By the way, I'm not sure whether to write Pristina or Prishtina in English. Pristina comes from the Serbian, which was how the word presumably entered English when Kosovo was part of Yugoslavia. (In Serbian there is a little diacritical mark called a haçek on the "s" which makes it a "sh" sound.) In Albanian, you spell it "Prishtinë," which is the indefinite form, or "Prishtina" in the definite form. The definite form is closest to how it is usually pronounced. The U.S. Embassy here still uses the old spelling, but it seems more logical to switch to the Albanian these days. Quite the linguistic conundrum!

After my long picture-taking trip I think I have finally got my bearings. I'm looking forward to wandering around more (and visiting all those cafes)!
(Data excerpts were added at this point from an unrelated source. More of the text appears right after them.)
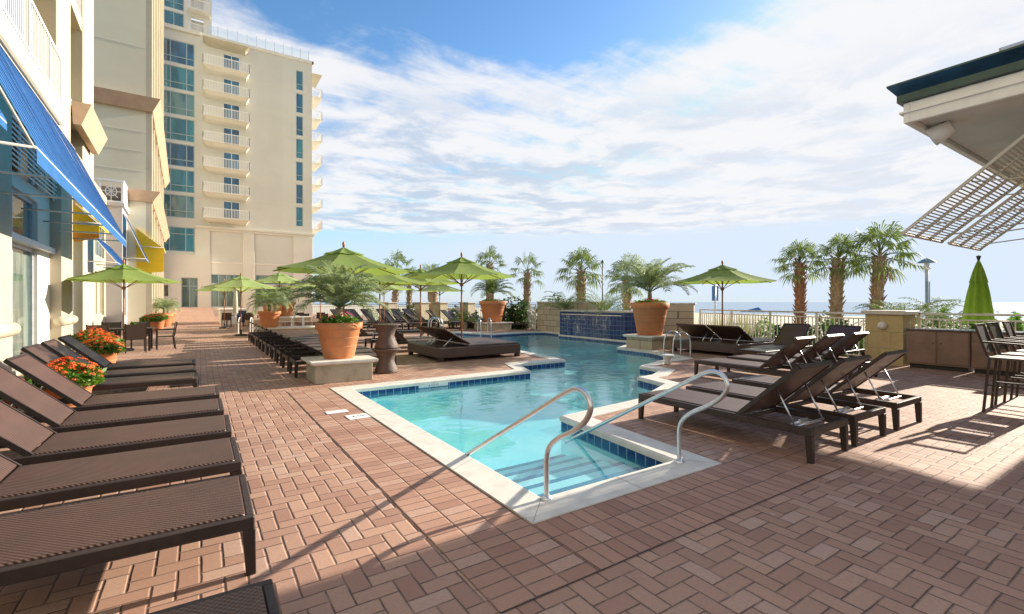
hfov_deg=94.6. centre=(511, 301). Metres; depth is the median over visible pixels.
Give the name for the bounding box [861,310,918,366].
fence pier
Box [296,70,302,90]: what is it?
window
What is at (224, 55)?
window
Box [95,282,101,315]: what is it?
window
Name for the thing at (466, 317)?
palmetto
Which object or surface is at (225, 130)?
window
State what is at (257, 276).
window
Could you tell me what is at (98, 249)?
window
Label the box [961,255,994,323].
closed umbrella
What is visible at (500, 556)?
deck border
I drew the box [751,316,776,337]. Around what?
hedge shrub
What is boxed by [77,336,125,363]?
flower pot
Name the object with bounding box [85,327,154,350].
dining table
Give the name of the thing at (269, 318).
potted palm
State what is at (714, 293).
banner post
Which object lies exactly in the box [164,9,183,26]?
window
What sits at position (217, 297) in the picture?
window
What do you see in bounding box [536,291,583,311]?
palmetto
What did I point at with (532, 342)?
pool water
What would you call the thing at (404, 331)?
sun lounger
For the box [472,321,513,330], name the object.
plinth
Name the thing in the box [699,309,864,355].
fence
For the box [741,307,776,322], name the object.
beach canopy
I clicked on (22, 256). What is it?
window
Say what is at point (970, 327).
hedge shrub
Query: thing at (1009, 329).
bar stool
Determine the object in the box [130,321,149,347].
dining chair
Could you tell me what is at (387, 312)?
sun lounger
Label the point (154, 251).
awning
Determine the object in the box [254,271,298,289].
patio umbrella
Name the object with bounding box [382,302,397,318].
fence pier
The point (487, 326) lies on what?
pool ladder
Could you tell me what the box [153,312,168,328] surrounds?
flower pot
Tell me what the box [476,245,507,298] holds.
cabbage palm
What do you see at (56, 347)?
sun lounger
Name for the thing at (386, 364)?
hourglass table
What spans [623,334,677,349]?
plinth
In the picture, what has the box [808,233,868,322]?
cabbage palm
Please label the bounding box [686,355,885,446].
sun lounger
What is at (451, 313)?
sun lounger
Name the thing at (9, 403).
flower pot
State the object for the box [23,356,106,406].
flower pot
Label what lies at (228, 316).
dining chair
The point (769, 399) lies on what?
sun lounger
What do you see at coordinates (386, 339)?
hourglass table
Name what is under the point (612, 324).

Saturday, September 4, 2010

Things I (Don't) Have

When I come to a new place, my initial instinct is to compare it to a place I have just been. My initial impressions:


Things I have in Kosovo that I also had in Moldova

  • Semi-paved streets
  • Delicious Turkish snacks
  • Duvet covers instead of sheets
  • “Fairy” brand dishwashing liquid
  • Convenient markets on every corner
  • Miscellaneous Turkish television shows
  • A ten-minute walk to work
  • Nice and interesting coworkers


Things I have in Kosovo that I didn’t have in Moldova

  • Lights with motion-sensors in my hallway!
  • My own office
  • Turkish coffee
  • Television channels in English
  • Television channels in French
  • Slovenian beer
  • Çevapi (a Balkan food that resembles a cylindrical meatball)
  • An elevator in my building
  • Euros
  • A balcony
  • Tasty street food such as döner
  • English-speaking waiters and store clerks
  • Deadwood on TV (with Albanian subtitles)
  • Чайник (electric tea kettle)


Things I had in Moldova that I don’t (yet) have in Kosovo

  • Speakers for my iPod
  • Fluency in the local language
  • Towels
  • A language tutor
  • Тапочки (slippers)
  • Peace Corps volunteers
  • Fulbright friends
  • Pelmeni in my freezer

Another Year, Another Blog!

I arrived in Pristina, Kosovo, three days ago and decided it was high time to start blogging anew. For the next ten months I am going to be working on the Future Voters team. Future Voters is a democracy development project based on Kids Voting in the U.S. Basically, we organize parallel elections for junior high and high school kids during municipal and national elections in Kosovo. We work with teachers and principals to implement elections curriculum.

I picked the name "The Young Europe" because this is Kosovo's new advertising slogan. Kosovo is young in two ways: they just declared their independence in 2008 and they have one of the youngest populations in Europe. I also figured it was a good idea to have a nice, generic blog title so that I could continue posting under this name for future travels. (For my Moldovan blog, which I'm going to try to meld with this one, click here.) Since I tend to favor Eastern European and Eurasian countries, I figured this would work. While the nations of Eastern Europe are by no means young, their nation-states certainly are, most having declared independence in 1989 with the dissolution of Yugoslavia and the fall of the Berlin Wall or in 1991 with the end of the Soviet Union. Being a twenty-something myself, I thought the adjective was apt to describe myself as well.

I'll keep posting my usual blend of travelogues and pictures. I hope to get some good pictures of Pristina once the gray cloud cover breaks!